In 1930, Reeder became head of the Periodical Department at the American Library and moved to 220 Boulevard Saint-Germain. Her role and duties at the Library grew over time. In 1934, she became a member of the committee that determined the acquisition budget for books and periodicals. In 1935, she took on all publicity for the Library and became its General Secretary. She also organized events such as Book Week. The following year, the Library's Board of Trustees named her acting director, and Reeder oversaw the Library's move to 9 rue de Téhéran in Paris's 8th arrondissement. The Library's new building was inaugurated on Thanksgiving Day, 1936. Reeder was named Director of the Library in 1938.
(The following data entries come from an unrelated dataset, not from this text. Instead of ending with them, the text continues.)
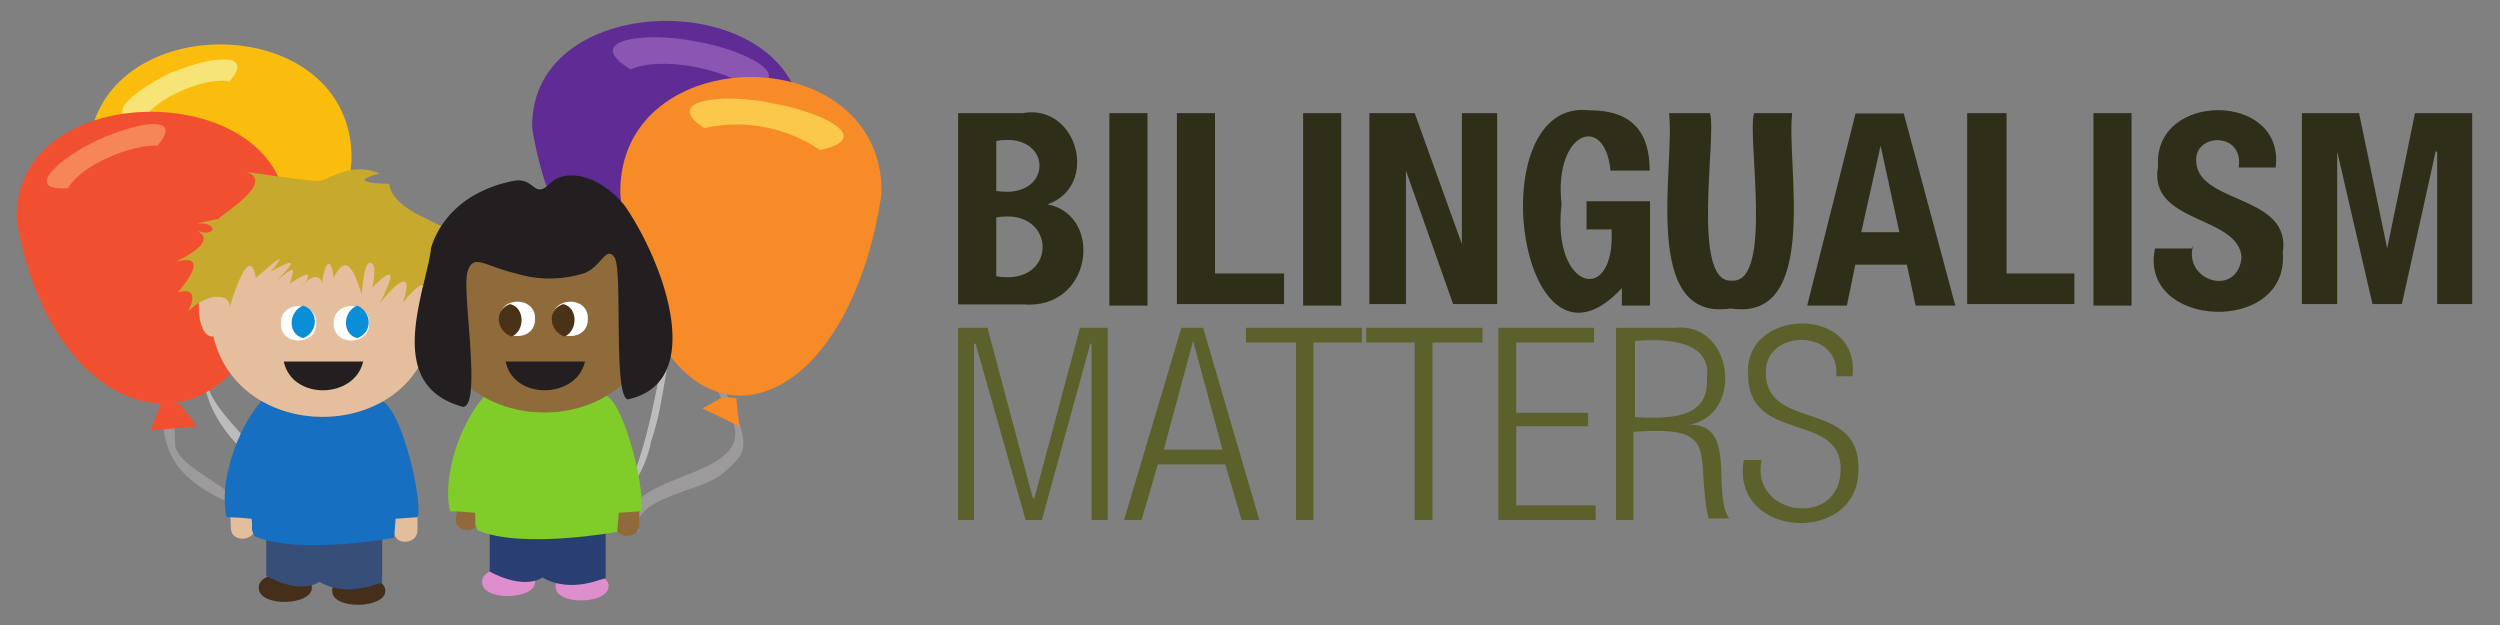 <?xml version="1.0" encoding="UTF-8"?>
<svg xmlns="http://www.w3.org/2000/svg" id="Layer_1" width="800" height="200">
  <rect width="100%" height="100%" fill="#808080" stroke="none"/>
  <defs>
    <style>
      .cls-11,.cls-12,.cls-15,.cls-19,.cls-21,.cls-22,.cls-26,.cls-3{stroke-width:0}.cls-3{fill:#4a3219}.cls-11{fill:#0b8ed8}.cls-12{fill:#231f20}.cls-15{fill:#bdbcbc}.cls-19{fill:#9c9a9b}.cls-21{fill:#fff}.cls-22{fill:#f68b27}.cls-26{fill:#f15030}
    </style>
  </defs>
  <path d="M318.8 88.4c20.1 3.5 19.5-22.4 0-18.8v18.8Zm0-27.3c18.6 3 18.3-19.3 0-16v16Zm-12.2-24.9h20.6c17.7-3.2 24.7 23.4 8 29.2 18 3.4 14.5 34-8 32h-20.6V36.1m48.4.1h12.2v61.6H355zm21.6 61.1V36.2h12.2v51.3h22.1v9.8h-34.3M417 36.2h12.2v61.6H417zm35.7 0 15.1 41.9V36.2h11.3v61.1H465l-15.1-42.7v42.7h-11.7V36.2h14.5m62.6 17.9c-2-18-18.2-11.8-15.6 11.3-3.3 27.6 17.3 32.6 16 8h-8v-9H528v33.4h-9v-5.6c-33 35.6-46-61.2-10.3-56.9 13.6 0 19.2 7 19.2 19.3h-12.6m31.9-18.4c2.2 7.4-6.2 54.7 7 53.6 13.4.9 4.8-46.1 7.1-53.6h12.2c-2 16.3 9.2 67-19.7 62.5-29 4.5-17.7-46-19.7-62.5h13.1m48.4 38.1h12.2l-6-27.7-6.2 27.7Zm-1.9-38h15.5l16.5 61.5H613l-2.8-13.1h-16.5L591 97.8h-12.7l15.5-61.6m35.7 61.1V36.2h12.6v51.3h21.7v9.8h-34.3m40.4-61.1h12.2v61.6h-12.2zm31.9 42.3c-3.3 11.5 14.3 16.8 15.5 3.8-1-13.5-30.2-10.7-26.7-29.1-1.7-24 40.7-24 37.6.4h-11.8c1.7-11.7-14.5-11-13.6-1.8.7 13.6 30.5 10.4 27.7 29 2.1 26.6-46.3 24.4-40.9-1.3h12.2m34.8-43.3h18.3l9 43.3 8.9-43.3h18.3v61.1h-11.2V48.5h-.5l-10.8 48.8h-9.4l-11.3-48.8v48.8h-11.3V36.2" style="fill:#2f2e18;stroke-width:0"/>
  <path d="M306.6 104.9h9.4l14.5 54.5h.5l14.6-54.5h8.9v61.5h-5.2V110h-.4l-15.5 56.4h-5.2l-16-56.4h-.5v56.4h-5.1v-61.5m84.6 39-9.4-34.8-9.4 34.8h18.8Zm-13.2-39h7l18 61.5h-5.7l-5.2-17.8h-21.6l-5.2 17.8h-5.6L378 105m36.7 4.6h-16v-4.7h37.1v4.7h-15.5v56.8h-5.6v-56.8m38 0h-15.5v-4.7h37.2v4.7h-16v56.8h-5.7v-56.8m26.8-4.7h30.6v4.7h-24.9v22.5h23v4.3h-23v25.3h25.4v4.7h-31.1v-61.5m43.7 28.6c9.7.4 23.8 1 23-12.2 1.7-12.5-13-13-23-12.2v24.4Zm-5.6-28.6h18.3c18.7-2.1 22.4 27.8 4.7 31 15.5-.2 7 21.2 12.7 30h-6.6c-4.5-21 4.6-29.9-24-27.7v28.2h-5.6V105m70.5 15.8c1.7-16.1-23.2-15.5-22.5-1.4 0 18.4 29.6 8.5 29.6 30.1 1 25-41 23.4-36.7-2.3h5.7c-3.8 18.1 25.5 22 25.3 2.8 0-18.4-29.6-8-29.6-30.1-1.6-21.3 36-22.6 33.4.5h-5.2" style="fill:#5c612b;stroke-width:0"/>
  <path d="m85.2 162.2-2.3-1c2.3-5.1-.5-11.2-2.4-14.5-36.7-32.2 6.4-56.8-24.4-97.8-4.6-4.7-11.8-19.3-9.4-19.7l2.3 1.4c25.5 47.3 23.3 43.3 17 90.2 1 14 25.8 24.3 19.2 41.4Z" class="cls-15"/>
  <path d="M112.5 51.3c-7.8 90.3-71.3 80-84.2 0-1-49.2 85-49.7 84.2 0" style="fill:#fabd0d;stroke-width:0"/>
  <path d="M55.1 23C43 29 31.4 37.9 45.7 38.2c4.4-6.9 19.6-13.6 27.8-12.2 8.4-9.7-6.4-8-18.4-2.8" style="stroke-width:0;fill:#f6e576"/>
  <path d="m79.1 171.1-2.8-1c1.4-3.7-1.9-7.4-4.2-9.8-38.5-17.9-3-41.4-36.7-67.7-4.2-3.7-13.2-13-10.8-14l2.3.9V79c30 29.9 27.7 28 29.2 64 3.2 9.8 27 14.2 23 28.1Z" class="cls-19"/>
  <path d="M91.8 70c-6.9 84-74.6 73.5-86.5 0-1-45.9 87.4-45.4 86.5 0" class="cls-26"/>
  <path d="m51.8 128.4-3.7 9.4 15-1.4-5.6-7.1-5.7-.9" class="cls-26"/>
  <path d="M31.6 44.7C19 50.4 7 61.3 21.8 60.2c4.2-7.5 20.3-14 28.6-13.6 8.8-10.3-6.7-7.5-18.8-1.9" style="fill:#f68656;stroke-width:0"/>
  <path d="M133.6 169.7c0 4.7-7.8 5.1-7.5 0v-9c0-4.6 7.8-5 7.5 0v9m-52.1-.9c.3 4.4-7.4 5-7.6.4l-.4-8.9c-.4-4.4 7.3-5 7.5-.5l.5 9" style="fill:#e3be9d;stroke-width:0"/>
  <path d="M99.8 188c.2 5.9-17.2 6.4-17 0-.1-6 17.2-6 17 0m23.5 1c.2 5.8-17.2 6.3-17 0-.2-6.1 17-5.7 17 0" style="fill:#452f1a;stroke-width:0"/>
  <path d="M85.2 170.7v13.6s10.3 6.1 17 1.9c9.8 5.6 20.1-.5 20.1.4v-16.4l-37 .5" style="fill:#364e78;stroke-width:0"/>
  <path d="M83.3 128.8c-7.2 8.3-13.4 25.3-10.8 36.7 0 0 3.3 0 8 .5.5 3.7-.5 2.8 1 5.6 14 6.1 44.6.5 44.6.5l.5-6.1 7-.5c1.9-4.2-4.8-34.2-11.3-37.1h-39" style="fill:#176fc1;stroke-width:0"/>
  <path d="M138.3 89.3C131 54 75.1 54 67.8 89.3c-5.7.3-5.6 18.9.5 18.4 8 34 61.3 34.4 69.5.4 7.2 1 7.6-18.9.5-18.8Z" style="fill:#e4be9d;stroke-width:0"/>
  <path d="M90.8 115.7c2.7 12.5 22.7 12 25.4 0H90.8" class="cls-12"/>
  <path d="M69.7 95c4.2 0 3.8 3.3 3.8 3.3 0 .2 6.1-21.9 8.4-9.4 0 0 7-6.1 7.5-6.1.5.4-2.8 4.2-2.8 4.2 10.7-6.2 6-1.3 1.4 3.3 0 0 5.2-4.7 5.7-3.8.4.5-1 4.3-1 4.3s4.7-3.3 5.7-2.9c1 1-2 3.8-2 3.8 1-1.6 5.6-5.4 6.7-1-.1-2.4 2.4-11.8 3.7-1.8 5-10.4 7.6 2.4 9 5.2 0 0 .4-10.4 2.8-10s.5 8 .5 8 4.2-4.6 5.6-4.2c1.4.5-3.3 9.4-3.3 9.4 2-3 12.2-14.4 7.5-.4 1.9-2.5 9.7-11.5 5.2.4 5.9-8.2 9.5 4.4 10.3 7.6.1-6.3-1.8-11.2 7.6-6.1-.3-2-19.5-19-1.5-13.2-.1-1.5-20.1-7.4-3.7-10.8 0 0-1.9-.5-12.2-5.7-10.4-5.1-10-10.3-10-10.3s-15.4 0-3.2-3.3c-9.9-4.2-16.4 2.8-20.2 2.4C94.2 57.4 79 55 79 55c9.3 3.6-8.8 14-9 15l-7 1.5c7.6-.5 6 5.2-1 1.9 9 3.4-3.8 9.3-5.6 10.3 11.4-2.8 2 8 .5 9.9 6.3-2 4.9 3.3 3.3 6 0 0 5.2-5 9.4-4.6" style="fill:#c7a92e;stroke-width:0"/>
  <path d="M118.1 103.5c.3 7.3-11.6 7.3-11.3 0-.3-7.4 11.6-7.4 11.3 0" class="cls-21"/>
  <path d="M114.3 97.8c-4.5 1.7-5.1 9.1 0 10.4 5.2-1.8 4.6-8.6 0-10.4" class="cls-11"/>
  <path d="M101.2 103.5c.3 7.3-11.6 7.3-11.3 0-.3-7.4 11.6-7.4 11.3 0" class="cls-21"/>
  <path d="M97 97.8c-4.6 1.7-5.2 9.1 0 10.4 4.8-1.8 5.2-8.7 0-10.4" class="cls-11"/>
  <path d="M256.8 41c-7 84-74.7 73.3-86.5 0-1-46 87-45.5 86.4 0" style="fill:#5f2c95;stroke-width:0"/>
  <path d="M201.8 169.3c-5.8-20 47.3-14.4 30-39.5-2.8-6.1-6-13.2.5-18.8a36 36 0 0 0 10.8-12.2A138 138 0 0 1 255 70c2.6-9 14.3-13.9 18.8-21.6l2.3 1.4c-4.6 8-15.5 11.8-18.3 20.7 0 3.1-8.4 14-8.5 17.8a38.6 38.6 0 0 1-15 26.3c-9.8 7.4 8.2 21.9 2.4 31.5a32.2 32.2 0 0 1-7.1 6.6c-7.2 4.7-28.7 7.5-25 17.4l-2.7-1Z" class="cls-19"/>
  <path d="m200.4 163.6-2.9-1c11.5-19 12-42.9 18.8-63.4 8.7-10.9-1-23.3 1.5-35.2.9-2.4 1.8-4.7 3.2-7 5-6.6 14.3-12.2 12.3-20.8l2.8-.4c3 13.3-14 18-16 29.6-2.7 10.5 6.4 20.3.5 31-8 12.8-7.1 30.2-12.2 44.7-1 5.1-2.9 9.4-5.2 13.1 0 2.4-1.4 5.7-2.8 9.4Z" class="cls-15"/>
  <path d="M204.6 167.8c0 4.7-7.8 5.2-7.5 0V159c0-4.7 7.8-5.1 7.5 0v9m-51.7-1.1c-1 4.6-8 3-7-1.4 1-2.9.8-12.6 6-11.3 5.5 1 1.2 9.5 1 12.7" style="fill:#916a3b;stroke-width:0"/>
  <path d="M171.2 186.2c.2 5.8-17.2 6.3-16.9 0-.2-6.1 17-5.7 17 0m23.4 1.4c.2 5.8-17.2 6.3-16.9 0-.2-6.1 17-5.7 17 0" style="fill:#de8ecd;stroke-width:0"/>
  <path d="M156.7 169.3v13.6s10.3 6 16.9 1.9c9.8 5.6 20.2-.5 20.2.4v-16.4l-37.2.4" style="fill:#293f73;stroke-width:0"/>
  <path d="M154.8 127c-7.3 8.2-13.4 25.2-10.8 36.6 0 0 3.3 0 8 .5.4 3.7-.5 2.8.9 5.6 14 6.1 44.6.5 44.6.5l.5-6.1 7-.5c2-4.2-4.7-34.2-11.2-37.1h-39" style="fill:#80cc28;stroke-width:0"/>
  <path d="M209.3 88c-7.3-35.5-63.2-35.5-70.5 0-5.7.2-5.6 18.7.5 18.3 8 34 61.2 34.4 69.5.4 7.2 1.1 7.6-19.5.5-18.8Z" style="fill:#8f6b3c;stroke-width:0"/>
  <path d="M222.4 13.2c-16.3-3.2-36.3-.5-20.6 9 9.6-4.3 29.9-.3 38 6 16-3.5-2-12.5-17.4-15" style="fill:#8b56b1;stroke-width:0"/>
  <path d="m231.4 127-6.6 3.7 11.8 5.7-1-9-4.2-.4" class="cls-22"/>
  <path d="M198.5 62c7.3 90.9 71.4 81.2 83.6 0 .8-49.8-84.4-49.8-83.6 0" class="cls-22"/>
  <path d="M246.9 33c17 3 33 11.3 15.5 15a47.7 47.7 0 0 0-37.1-7c-13.7-9.1 6.2-11.3 21.6-8" style="fill:#fbc84b;stroke-width:0"/>
  <path d="M137.8 80s3.3-17.4 26.4-22.1c7-1.4 6.5 6 11.7.9 5.2-5.2 16-2.8 24 7 12.3 17.7 26.7 56.5 1 62-4.8-.9-1.5-41.7-4.3-45.5-2.8-3.8-4.2 3.3-9.9 5.2a36.7 36.7 0 0 1-21.6 0c-10.3-2.4-13.6-6.6-15.5-.5-1.9 6.1 4.7 42.8-1.4 43.2-25.4-6.8-12.4-35.7-10.3-50.3" class="cls-12"/>
  <path d="M176.9 102c-.3-7.3 11.5-7.3 11.2 0 .3 7.4-11.5 7.4-11.2 0" class="cls-21"/>
  <path d="M180.6 107.7c4.3-1.7 4.5-9.3-.4-10.4-5.4 1.9-4.4 8.7.4 10.4" class="cls-3"/>
  <path d="M160 102c-.4-7.3 11.5-7.3 11.2 0 .3 7.4-11.6 7.4-11.3 0" class="cls-21"/>
  <path d="M163.7 107.7c4.3-1.7 4.4-9.3-.5-10.4-5.3 1.9-4.4 8.7.5 10.4" class="cls-3"/>
  <path d="M161.8 115.7c2.6 12.5 22.7 12 25.4 0h-25.4" class="cls-12"/>
</svg>

=== War and Occupation of Paris ===
Days after war was declared, Reeder organized the American Library's Soldiers' Service, which sent over 100,000 books to British and French soldiers by the end of June 1940. The Soldiers' Service was discontinued as German occupation of Paris loomed, and Reeder urged her staff to leave the city. Reeder remained in Paris, overseeing the Library and assisting the American Embassy as their representative at the Hotel Bristol. She resided at the Bristol from June 14 to December 1, 1940, tasked with verifying that only American passport holders were admitted, and informing all others they could not live there.

Reeder left her post as Director of the American Library in Paris in June 1941, and submitted a lengthy confidential report to the Board of Trustees detailing life at the Library since September 1939. Franco-American Countess Clara Longworth de Chambrun, a longtime Library trustee, was named acting director.

=== Special Advisor to the National Library of Colombia ===
Shortly after Reeder's return to the United States on July 19, 1941, the Library of Congress sent her to the Biblioteca Nacional in Bogotá, Colombia as part of an inter-American collaboration program between the American Library Association and libraries in Colombia, Peru, and Mexico. The program was supported by funding from the Rockefeller Foundation. In 1942, Reeder supervised the creation and opening of Colombia's first circulating library, modeled after an American public library with all books classified under the Dewey Decimal System. She also organized the National Library's first general open-shelf reference collection.

=== American Red Cross ===
Reeder served with the American Red Cross in Europe from 1943 to 1947, first in England setting up Red Cross clubs for American soldiers. She returned to Paris just days after the city was liberated to set up the Red Cross War Relief's communications offices for western Europe.

=== Library of Congress ===
After several years of employment in “government service” (1948–1954), Reeder was reappointed as reference assistant at the Library of Congress in early 1956.

== Death and legacy ==
Reeder was hospitalized at National Institutes of Health in December 1956, and she died on March 15, 1957. Her funeral was held in Miami, FL on March 19, 1957.

Reeder's experiences during the Occupation are fictionalized in the novel The Paris Library by American author Janet Skeslien Charles.